Learned Video Compression (1811.06981v1)

Published 16 Nov 2018 in eess.IV, cs.CV, cs.LG, and stat.ML

Abstract: We present a new algorithm for video coding, learned end-to-end for the low-latency mode. In this setting, our approach outperforms all existing video codecs across nearly the entire bitrate range. To our knowledge, this is the first ML-based method to do so. We evaluate our approach on standard video compression test sets of varying resolutions, and benchmark against all mainstream commercial codecs, in the low-latency mode. On standard-definition videos, relative to our algorithm, HEVC/H.265, AVC/H.264 and VP9 typically produce codes up to 60% larger. On high-definition 1080p videos, H.265 and VP9 typically produce codes up to 20% larger, and H.264 up to 35% larger. Furthermore, our approach does not suffer from blocking artifacts and pixelation, and thus produces videos that are more visually pleasing.
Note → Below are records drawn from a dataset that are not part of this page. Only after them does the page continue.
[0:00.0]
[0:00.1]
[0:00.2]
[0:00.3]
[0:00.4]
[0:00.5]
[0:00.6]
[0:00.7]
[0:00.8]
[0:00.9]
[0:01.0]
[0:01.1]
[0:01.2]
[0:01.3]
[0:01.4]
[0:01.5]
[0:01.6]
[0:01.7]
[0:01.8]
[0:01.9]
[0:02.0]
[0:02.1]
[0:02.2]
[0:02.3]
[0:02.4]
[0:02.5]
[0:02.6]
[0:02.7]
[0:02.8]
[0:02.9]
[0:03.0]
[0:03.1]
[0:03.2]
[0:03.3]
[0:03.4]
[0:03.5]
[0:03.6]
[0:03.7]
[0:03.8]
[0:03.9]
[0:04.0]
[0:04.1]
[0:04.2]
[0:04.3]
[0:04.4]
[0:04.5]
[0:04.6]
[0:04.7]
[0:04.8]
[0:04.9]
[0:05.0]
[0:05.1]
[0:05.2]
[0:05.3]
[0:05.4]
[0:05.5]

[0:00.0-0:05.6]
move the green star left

We propose two main contributions. The first is a novel architecture for video compression, which (1) generalizes motion estimation to perform any learned compensation beyond simple translations, (2) rather than strictly relying on previously transmitted reference frames, maintains a state of arbitrary information learned by the model, and (3) enables jointly compressing all transmitted signals (such as optical flow and residual). Secondly, we present a framework for ML-based spatial rate control: namely, a mechanism for assigning variable bitrates across space for each frame. This is a critical component for video coding, which to our knowledge had not been developed within a machine learning setting.

Citations (216)

View on Semantic Scholar

Summary

The paper presents an ML-trained video compression algorithm that achieves up to 60% smaller code sizes for SD and 35% for HD content.
It leverages advanced motion estimation and spatial rate control to minimize compression artifacts and optimally allocate bitrate across frames.
The approach enhances visual quality and real-time low-latency streaming potential, signaling a shift towards ML-driven video technologies.
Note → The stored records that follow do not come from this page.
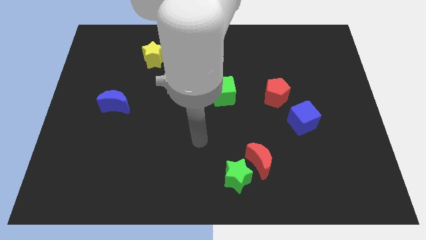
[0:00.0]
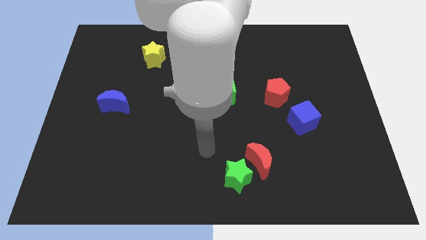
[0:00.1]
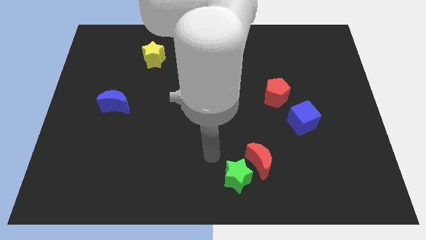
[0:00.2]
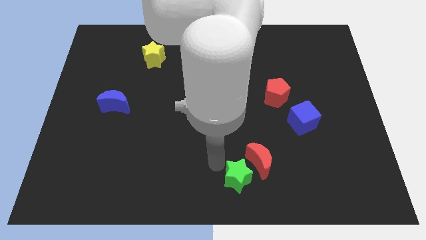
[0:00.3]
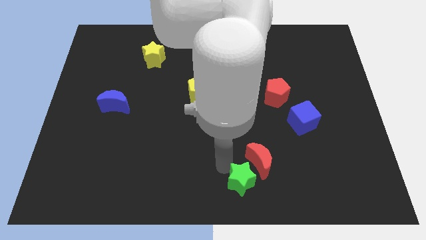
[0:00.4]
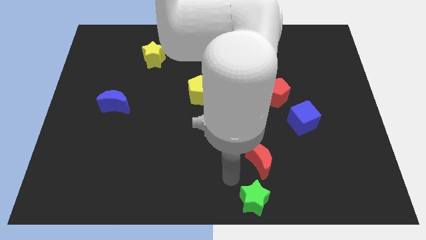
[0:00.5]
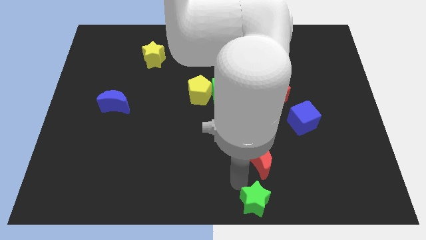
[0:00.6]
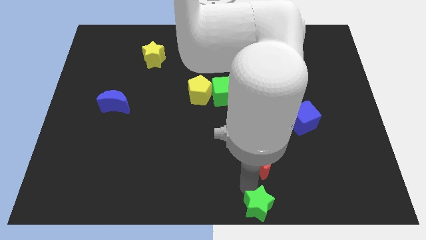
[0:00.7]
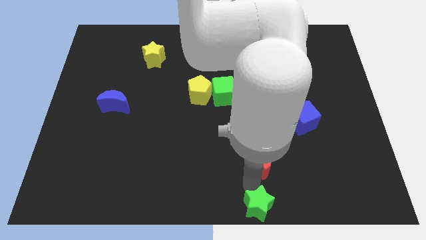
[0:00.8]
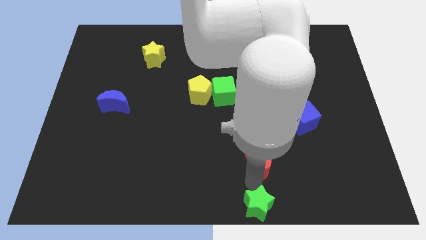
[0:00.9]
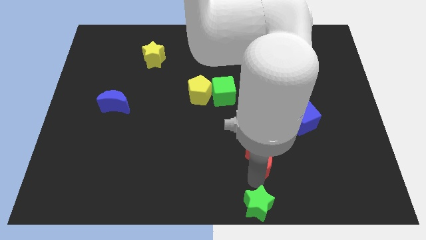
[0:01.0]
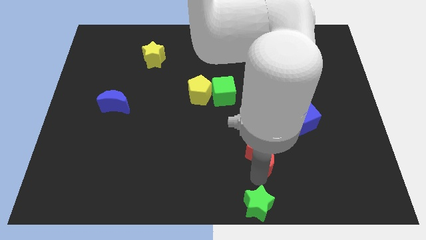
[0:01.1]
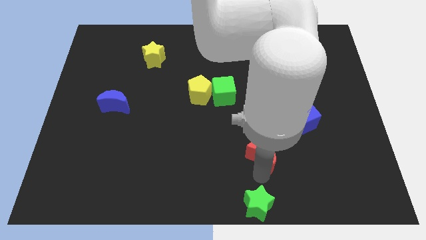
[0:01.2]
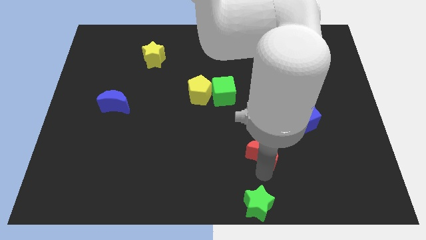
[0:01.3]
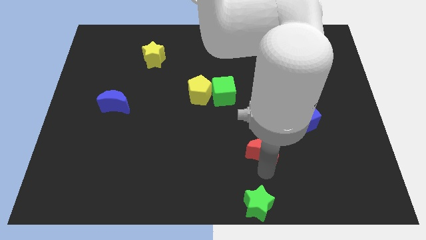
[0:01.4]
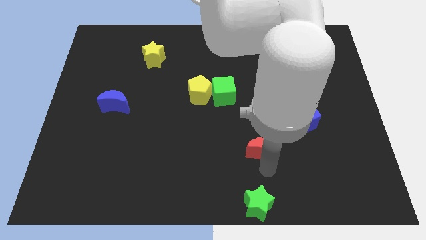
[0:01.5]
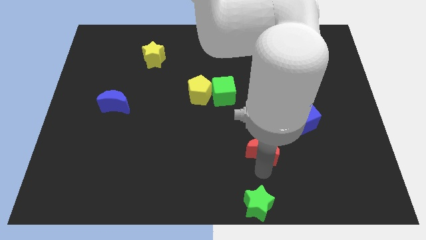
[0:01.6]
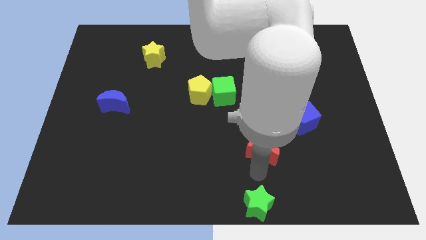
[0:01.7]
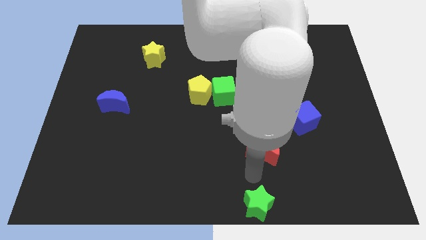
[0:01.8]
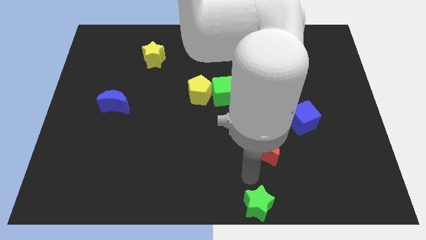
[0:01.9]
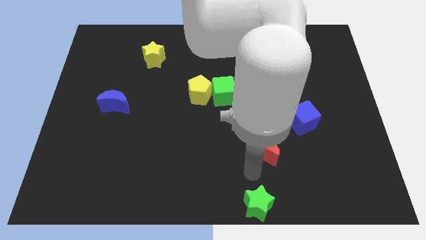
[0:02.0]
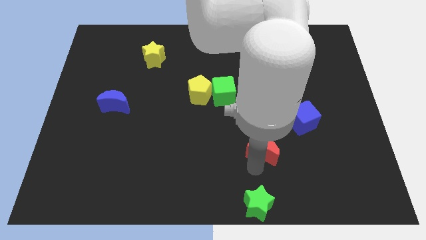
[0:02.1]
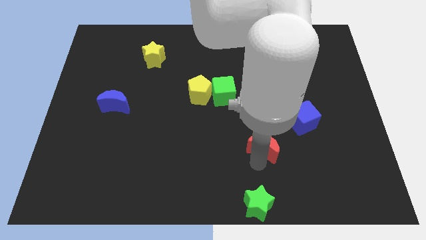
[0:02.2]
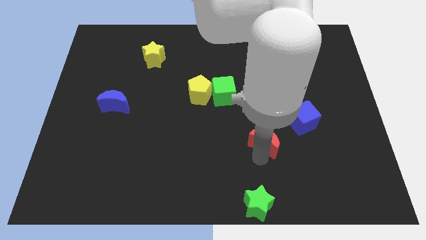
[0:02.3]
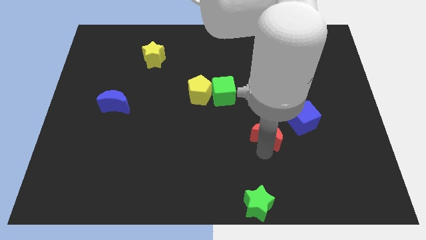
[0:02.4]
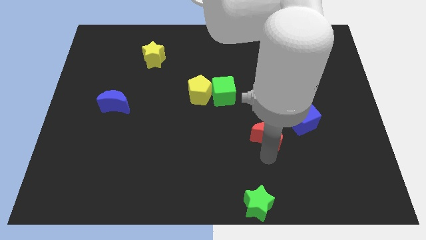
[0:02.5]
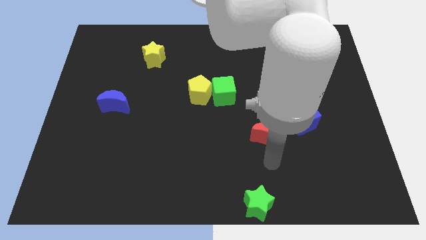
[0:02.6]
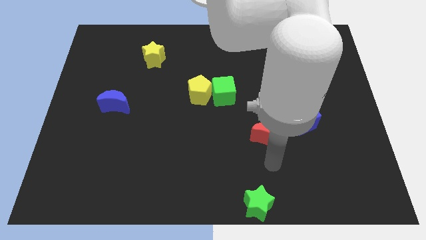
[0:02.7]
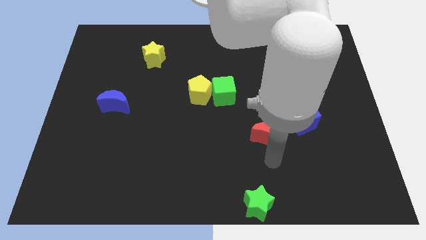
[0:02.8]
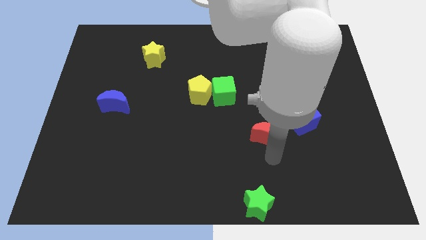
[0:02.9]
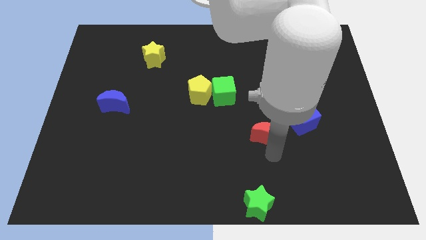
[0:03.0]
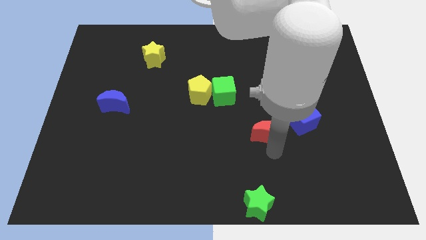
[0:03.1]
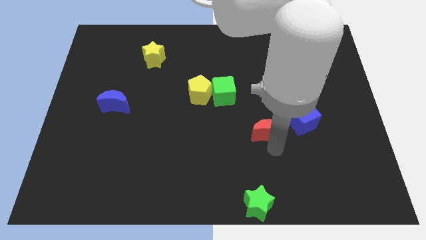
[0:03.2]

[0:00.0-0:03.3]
slightly move the red moon up

An Analysis of "Learned Video Compression"

The paper "Learned Video Compression" by Rippel et al. explores the domain of ML for video coding, presenting a novel algorithm that is competitive with traditional video codecs in low-latency mode. The research underscores a paradigm shift in video compression through the application of deep learning, offering significant gains in efficiency as evaluated against established codecs such as HEVC/H.265, AVC/H.264, and VP9.

Overview of Contributions

The core contribution of this work is an ML-trained video compression algorithm operating with high efficiency in a low-latency mode. The results show considerable improvements in compression rates, achieving up to 60% smaller code sizes for standard-definition (SD) content and up to 35% for high-definition (HD) content, compared to prominent codecs. The approach alleviates common compression artifacts like blocking and pixelation, thereby enhancing visual output.

Two major innovations set this research apart:

A novel architecture allows more comprehensive motion estimation, leveraging ML to predict and compensate for complex temporal patterns, beyond mere translations.
A method for spatial rate control is introduced, which permits variable bit allocation across frames—this represents a significant advancement as it is critical for video compression and is uncharted in the ML context.

Architectural Advancements

The algorithm capitalizes on recent advancements in deep learning, akin to strides in image compression. Its architecture generalizes motion compensation and facilitates the propagation of learned states beyond pixel-space reference frames. This enables the handling of intricate spatiotemporal dynamics such as out-of-plane rotations and complex motion backgrounds. The framework integrates enhancements paramount for comprehending and compensating video redundancy, often lost in conventional codecs relying on block-matching strategies.

Moreover, the algorithm applies joint compression techniques for optical flow and residuals—a remarkable change allowing the dynamic distribution of bitrate budgets across different frames, optimizing for higher fidelity.

Theoretical and Practical Implications

Practically, the proposed ML-based approach signifies a step forward in addressing diverse video use cases that traditional codecs struggle with, including virtual reality and social media applications. Theoretically, this represents a substantial use case for adaptive, learned behaviors in systems traditionally driven by preconceived algorithms, thereby expanding the potential of ML in computer vision applications.

Across the landscape of video traffic, where demand and heterogeneity rise continuously, an ML-driven compression facilitator offers notable benefits. This includes reducing bandwidth usage and aligning resources more effectively, which is crucial given video dominance in internet data consumption.

Speculations on Future Developments

Looking ahead, this research prompts a broader adoption of ML frameworks in real-time video streaming and low-latency applications. Future avenues might explore real-time implementations and extending capabilities to B-frame coding, potentially elevating it to more general-use video compression settings.

Enhanced computational efficiencies are essential for real-time applicability, suggesting further optimizations and deployment on specialized hardware accelerators. As ML models for codec improvement evolve, there is potential to further push the boundaries of video compression beyond present capabilities.

In conclusion, the paper offers a robust framework for leveraging ML in video compression, potentially catalyzing progressive models in the pursuit of more efficient and visually superior coding methodologies. The implications are far-reaching, both in academia and industry, as ML becomes an increasingly vital component in emerging video technologies.